#### Exercise:
Reprint each record exactly. Pictures are not reprinted.

#### Material provided:

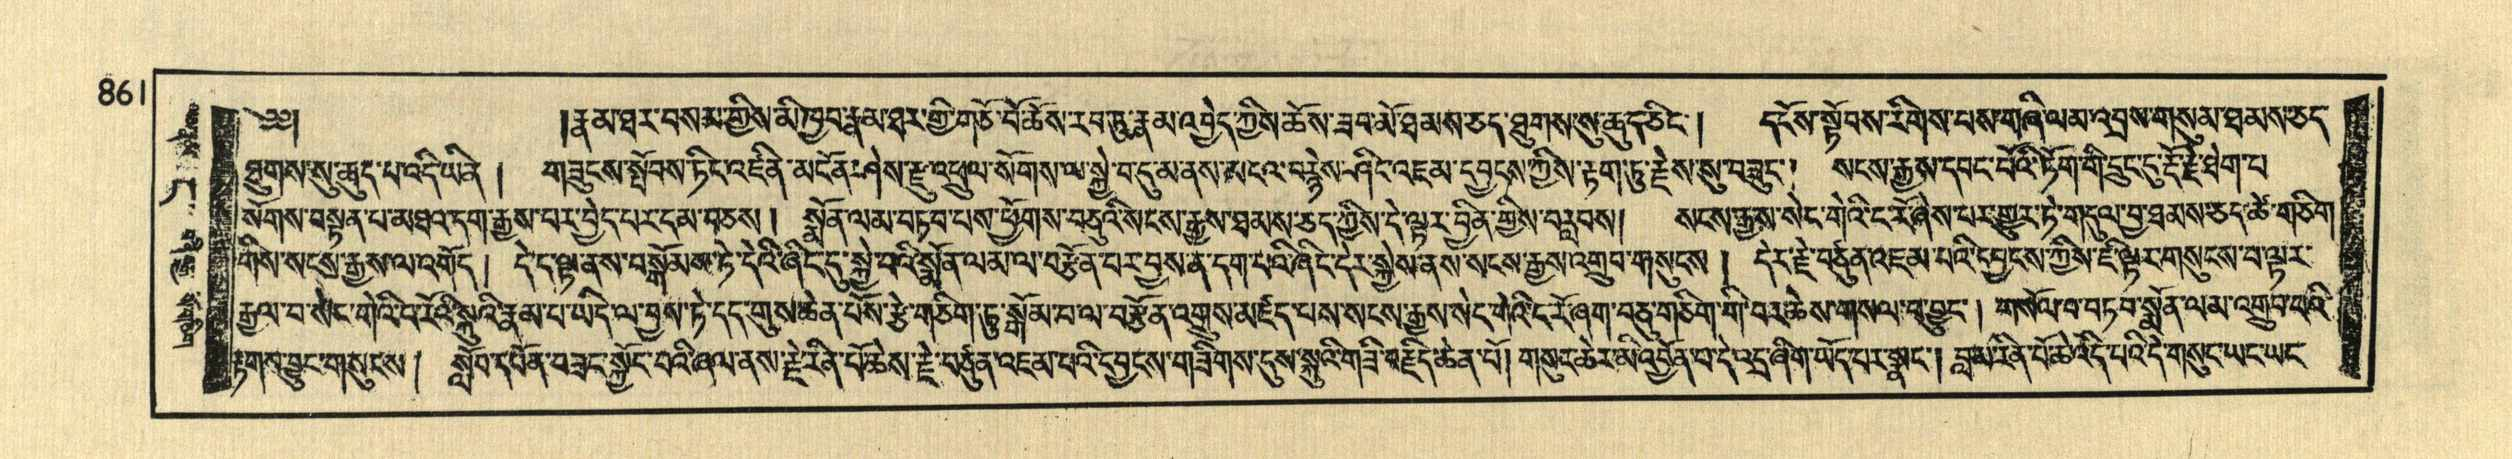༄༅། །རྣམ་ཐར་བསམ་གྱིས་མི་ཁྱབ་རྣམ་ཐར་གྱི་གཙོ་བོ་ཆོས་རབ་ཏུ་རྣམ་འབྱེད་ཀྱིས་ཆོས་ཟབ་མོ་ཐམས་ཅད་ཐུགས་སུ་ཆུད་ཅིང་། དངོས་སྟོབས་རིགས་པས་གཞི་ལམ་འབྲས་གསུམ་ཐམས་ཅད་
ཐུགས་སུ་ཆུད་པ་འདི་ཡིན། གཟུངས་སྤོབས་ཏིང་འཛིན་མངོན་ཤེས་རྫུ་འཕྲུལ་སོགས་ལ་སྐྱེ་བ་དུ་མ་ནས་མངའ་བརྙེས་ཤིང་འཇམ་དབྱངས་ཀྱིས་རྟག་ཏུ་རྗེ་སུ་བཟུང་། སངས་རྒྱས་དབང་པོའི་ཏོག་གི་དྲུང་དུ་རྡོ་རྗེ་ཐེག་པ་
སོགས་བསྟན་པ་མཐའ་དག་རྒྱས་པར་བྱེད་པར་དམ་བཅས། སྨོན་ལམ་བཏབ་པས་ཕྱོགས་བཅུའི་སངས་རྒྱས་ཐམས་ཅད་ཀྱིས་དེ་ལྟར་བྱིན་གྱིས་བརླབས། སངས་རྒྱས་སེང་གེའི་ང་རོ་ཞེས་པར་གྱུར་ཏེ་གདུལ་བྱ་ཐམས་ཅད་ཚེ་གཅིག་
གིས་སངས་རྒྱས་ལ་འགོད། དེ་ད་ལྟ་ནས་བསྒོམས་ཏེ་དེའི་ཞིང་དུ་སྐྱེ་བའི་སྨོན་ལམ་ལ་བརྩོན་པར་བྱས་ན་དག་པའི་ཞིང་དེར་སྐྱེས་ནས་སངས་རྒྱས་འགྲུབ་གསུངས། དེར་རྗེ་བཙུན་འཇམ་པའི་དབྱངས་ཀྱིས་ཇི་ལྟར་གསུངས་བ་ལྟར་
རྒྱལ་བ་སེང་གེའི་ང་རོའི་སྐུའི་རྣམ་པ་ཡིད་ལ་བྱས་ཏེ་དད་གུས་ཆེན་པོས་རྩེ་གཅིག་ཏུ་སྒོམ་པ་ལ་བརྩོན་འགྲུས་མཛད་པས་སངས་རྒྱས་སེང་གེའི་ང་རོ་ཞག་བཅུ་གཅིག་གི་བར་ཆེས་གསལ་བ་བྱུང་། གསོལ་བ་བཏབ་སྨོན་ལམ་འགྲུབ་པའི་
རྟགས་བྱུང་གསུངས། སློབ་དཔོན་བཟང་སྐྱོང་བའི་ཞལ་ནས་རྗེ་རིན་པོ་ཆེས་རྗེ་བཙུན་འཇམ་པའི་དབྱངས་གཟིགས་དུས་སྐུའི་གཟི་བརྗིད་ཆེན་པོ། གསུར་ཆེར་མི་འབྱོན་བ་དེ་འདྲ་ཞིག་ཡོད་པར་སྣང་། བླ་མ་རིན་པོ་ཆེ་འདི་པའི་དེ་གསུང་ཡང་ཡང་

#### Output below:
༄༅། །རྣམ་ཐར་བསམ་གྱིས་མི་ཁྱབ་རྣམ་ཐར་གྱི་གཙོ་བོ་ཆོས་རབ་ཏུ་རྣམ་འབྱེད་ཀྱིས་ཆོས་ཟབ་མོ་ཐམས་ཅད་ཐུགས་སུ་ཆུད་ཅིང་། དངོས་སྟོབས་རིགས་པས་གཞི་ལམ་འབྲས་གསུམ་ཐམས་ཅད་
ཐུགས་སུ་ཆུད་པ་འདི་ཡིན། གཟུངས་སྤོབས་ཏིང་འཛིན་མངོན་ཤེས་རྫུ་འཕྲུལ་སོགས་ལ་སྐྱེ་བ་དུ་མ་ནས་མངའ་བརྙེས་ཤིང་འཇམ་དབྱངས་ཀྱིས་རྟག་ཏུ་རྗེ་སུ་བཟུང་། སངས་རྒྱས་དབང་པོའི་ཏོག་གི་དྲུང་དུ་རྡོ་རྗེ་ཐེག་པ་
སོགས་བསྟན་པ་མཐའ་དག་རྒྱས་པར་བྱེད་པར་དམ་བཅས། སྨོན་ལམ་བཏབ་པས་ཕྱོགས་བཅུའི་སངས་རྒྱས་ཐམས་ཅད་ཀྱིས་དེ་ལྟར་བྱིན་གྱིས་བརླབས། སངས་རྒྱས་སེང་གེའི་ང་རོ་ཞེས་པར་གྱུར་ཏེ་གདུལ་བྱ་ཐམས་ཅད་ཚེ་གཅིག་
གིས་སངས་རྒྱས་ལ་འགོད། དེ་ད་ལྟ་ནས་བསྒོམས་ཏེ་དེའི་ཞིང་དུ་སྐྱེ་བའི་སྨོན་ལམ་ལ་བརྩོན་པར་བྱས་ན་དག་པའི་ཞིང་དེར་སྐྱེས་ནས་སངས་རྒྱས་འགྲུབ་གསུངས། དེར་རྗེ་བཙུན་འཇམ་པའི་དབྱངས་ཀྱིས་ཇི་ལྟར་གསུངས་བ་ལྟར་
རྒྱལ་བ་སེང་གེའི་ང་རོའི་སྐུའི་རྣམ་པ་ཡིད་ལ་བྱས་ཏེ་དད་གུས་ཆེན་པོས་རྩེ་གཅིག་ཏུ་སྒོམ་པ་ལ་བརྩོན་འགྲུས་མཛད་པས་སངས་རྒྱས་སེང་གེའི་ང་རོ་ཞག་བཅུ་གཅིག་གི་བར་ཆེས་གསལ་བ་བྱུང་། གསོལ་བ་བཏབ་སྨོན་ལམ་འགྲུབ་པའི་
རྟགས་བྱུང་གསུངས། སློབ་དཔོན་བཟང་སྐྱོང་བའི་ཞལ་ནས་རྗེ་རིན་པོ་ཆེས་རྗེ་བཙུན་འཇམ་པའི་དབྱངས་གཟིགས་དུས་སྐུའི་གཟི་བརྗིད་ཆེན་པོ། གསུར་ཆེར་མི་འབྱོན་བ་དེ་འདྲ་ཞིག་ཡོད་པར་སྣང་། བླ་མ་རིན་པོ་ཆེ་འདི་པའི་དེ་གསུང་ཡང་ཡང་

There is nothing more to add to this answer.